In 2014, Russia took over a part of eastern Ukraine known as the Crimean Peninsula and other portions in a series of military conflicts. In this process, Russia banned traffic between Ukraine, Kazakhstan and the Kyrgyz Republic, of which the trade route was through Russia itself. Ukraine called Russia’s move as violative of Article V, Article X of the GATT and Russia’s Protocol of Accession to the WTO. Russia defended the ban by pleading that the move was necessary to protect its essential security interests provided under Article XXI(b)(iii) of the GATT. Five years later in 2019, the United States of America (“US”) also invoked Article XXI of the GATT to justify its tariffs imposed on steel and aluminium which led to several countries including Turkey, Switzerland, India, Mexico, China, the European Union among others to file a suit against the US at the WTO.
With respect to Article XXI (b) (ii) which “provides for preventing any contracting party from taking any action which it considers necessary for the protection of its essential security interests relating to the traffic in arms, ammunition and implements of war and to such traffic in other goods and materials as is carried on directly or indirectly for the purpose of supplying a military establishment,” India has a strong military establishment along with the Indo-China order which was beefed up after the Galwan clash with even tech surveillance been used to monitor the situation at the border. Hence, in order to supply more military establishments, India can take the steps which it deems “necessary” that are otherwise limited by the provisions of the GATT. In the Preparatory Committee of the Geneva Session, it was discussed that if a Member who exports commodities is satisfied that the purpose of such a transaction is to supply a military establishment, immediately or ultimately, the language of Article XXI (b) (ii) shall cover the same.

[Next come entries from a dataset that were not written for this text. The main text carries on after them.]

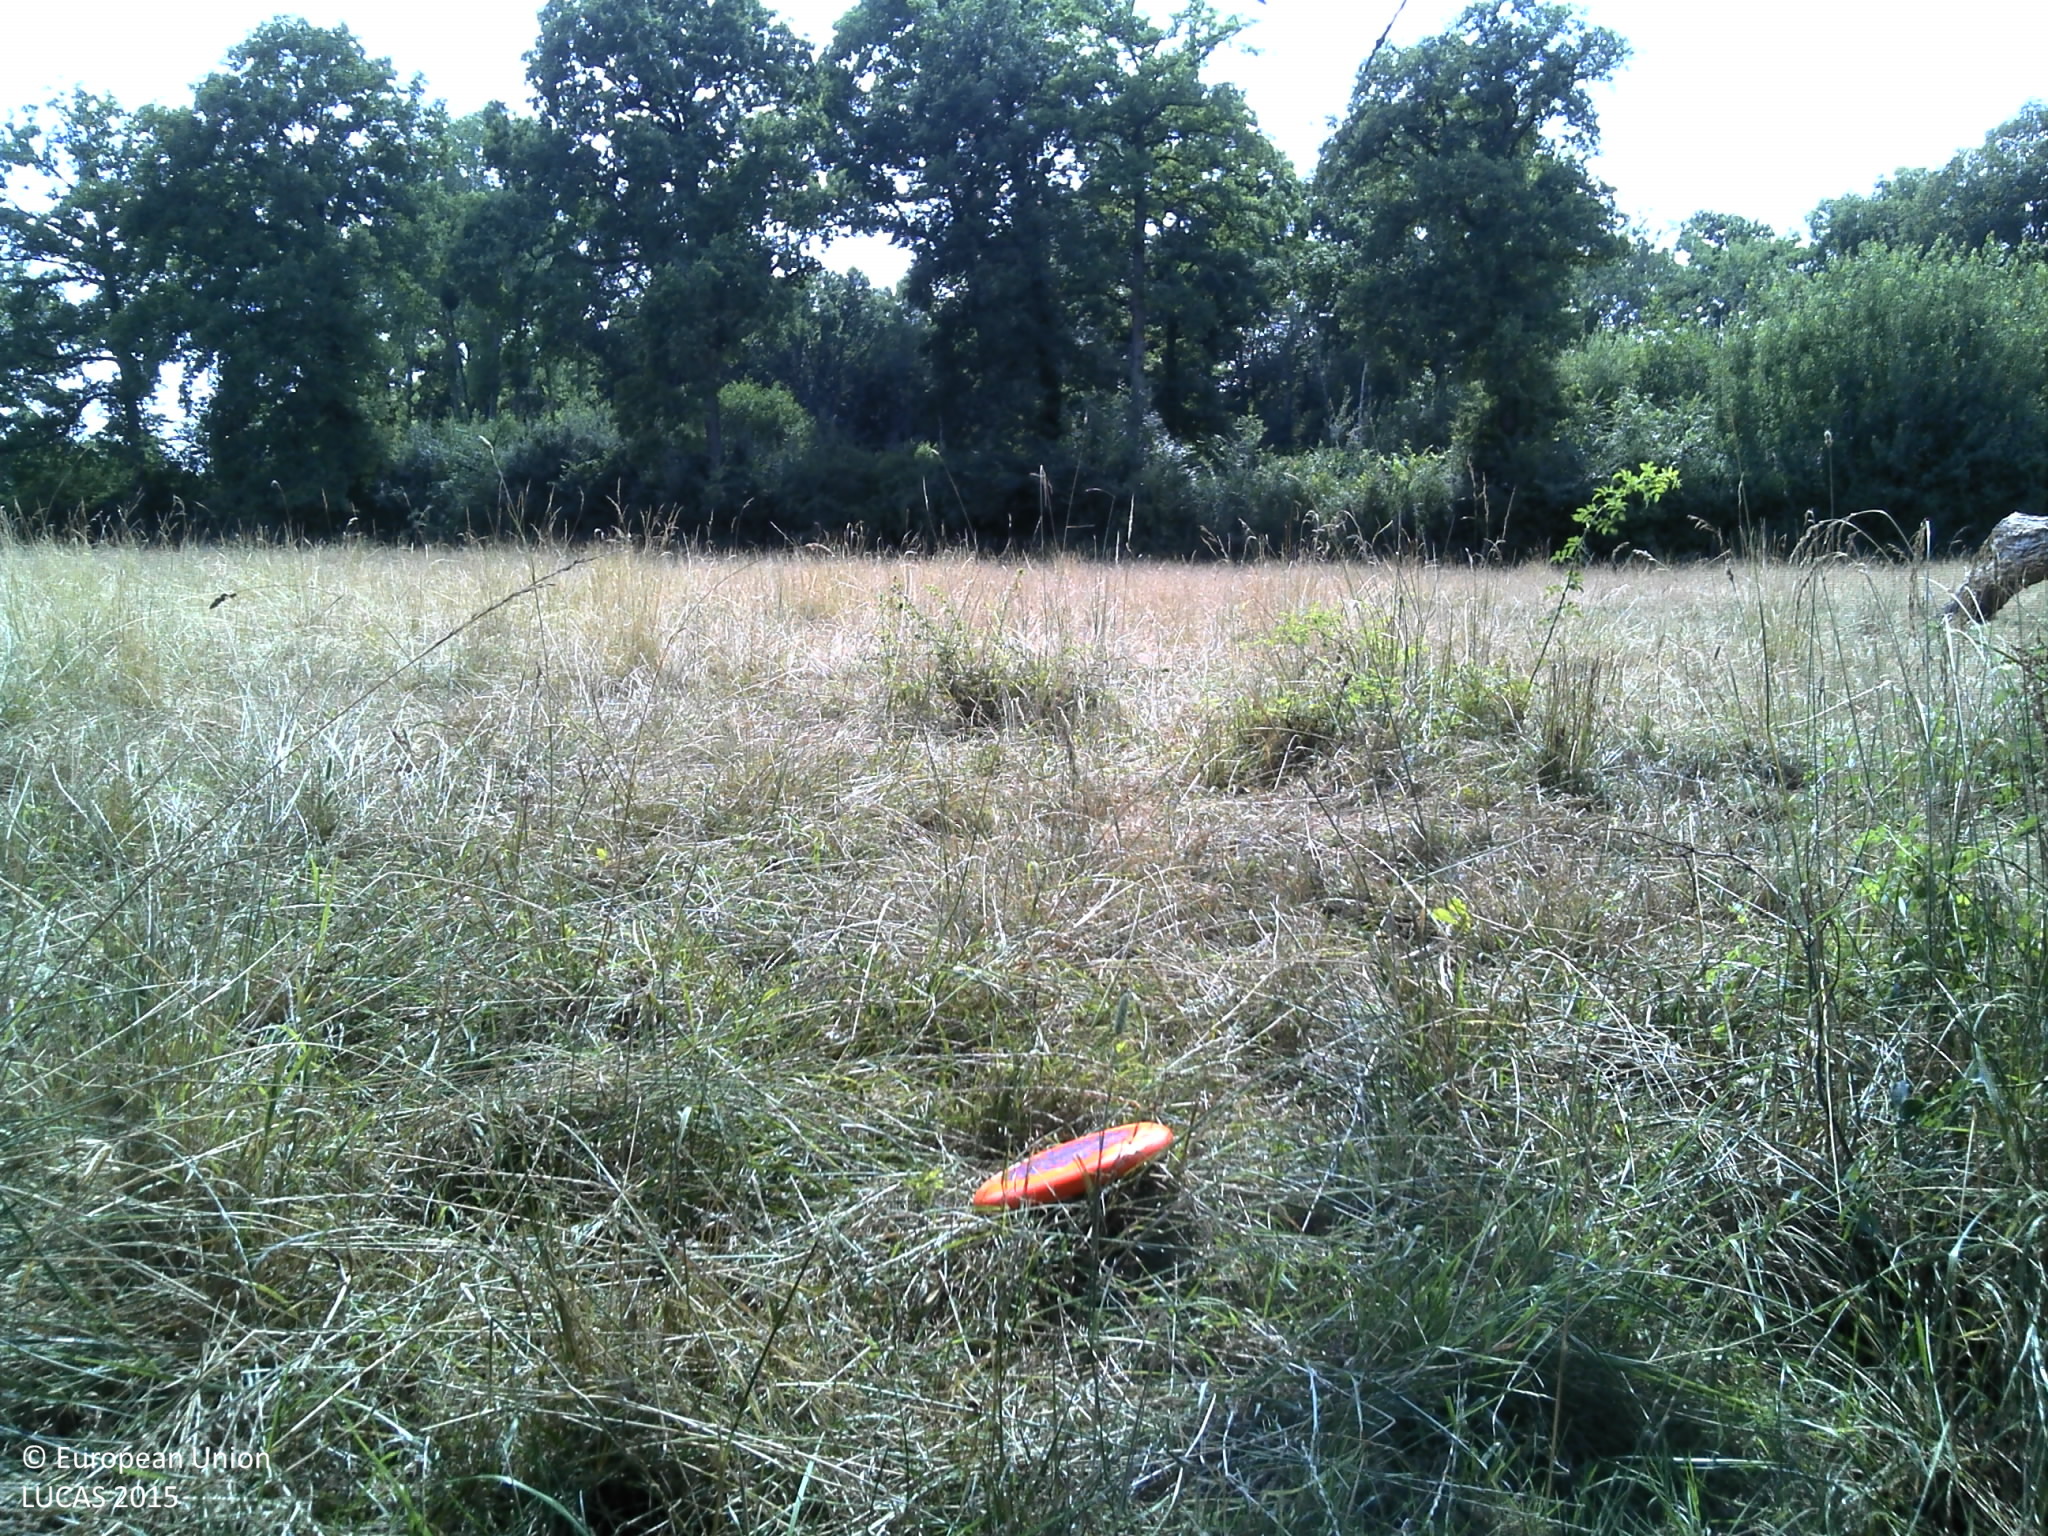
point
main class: Grassland
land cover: Grassland without tree/shrub cover
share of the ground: > 75 %
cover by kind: herbaceous plants 100 %
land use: Agriculture (excluding fallow land and kitchen gardens)
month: July
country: FR
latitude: 48.6764
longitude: 4.7690

Article XXI (b) (iii) which provides for preventing any contracting party from taking any action which it considers necessary for the protection of its essential security interests at a time of war or another emergency in international relations, makes India’s argument stronger against China. Though, as of this moment, war hasn’t broken out between the two nations, the standoff between the armed forces of the nations across the LAC is wide enough to fall within “other emergency in international relations,” and thus permits India as the sole-judge to take measures for protecting its essential security interests.
Therefore, given the current situation between India and China across the LAC, India can definitely cut its trade ties with China in compliant with the GATT Agreement by adhering to Article XXI (b) (ii) and Article XXI (b) (iii) by stressing on the fact that a country is the “self-judge” of its own national and security interests. The situation between the countries is not merely a political dispute as to the recent standoff between the Armed Forces of the two nations at the LAC, would prima facie suggest. The economic benefits/losses remain to be seen of such a move in the future and shall be subject to another debate.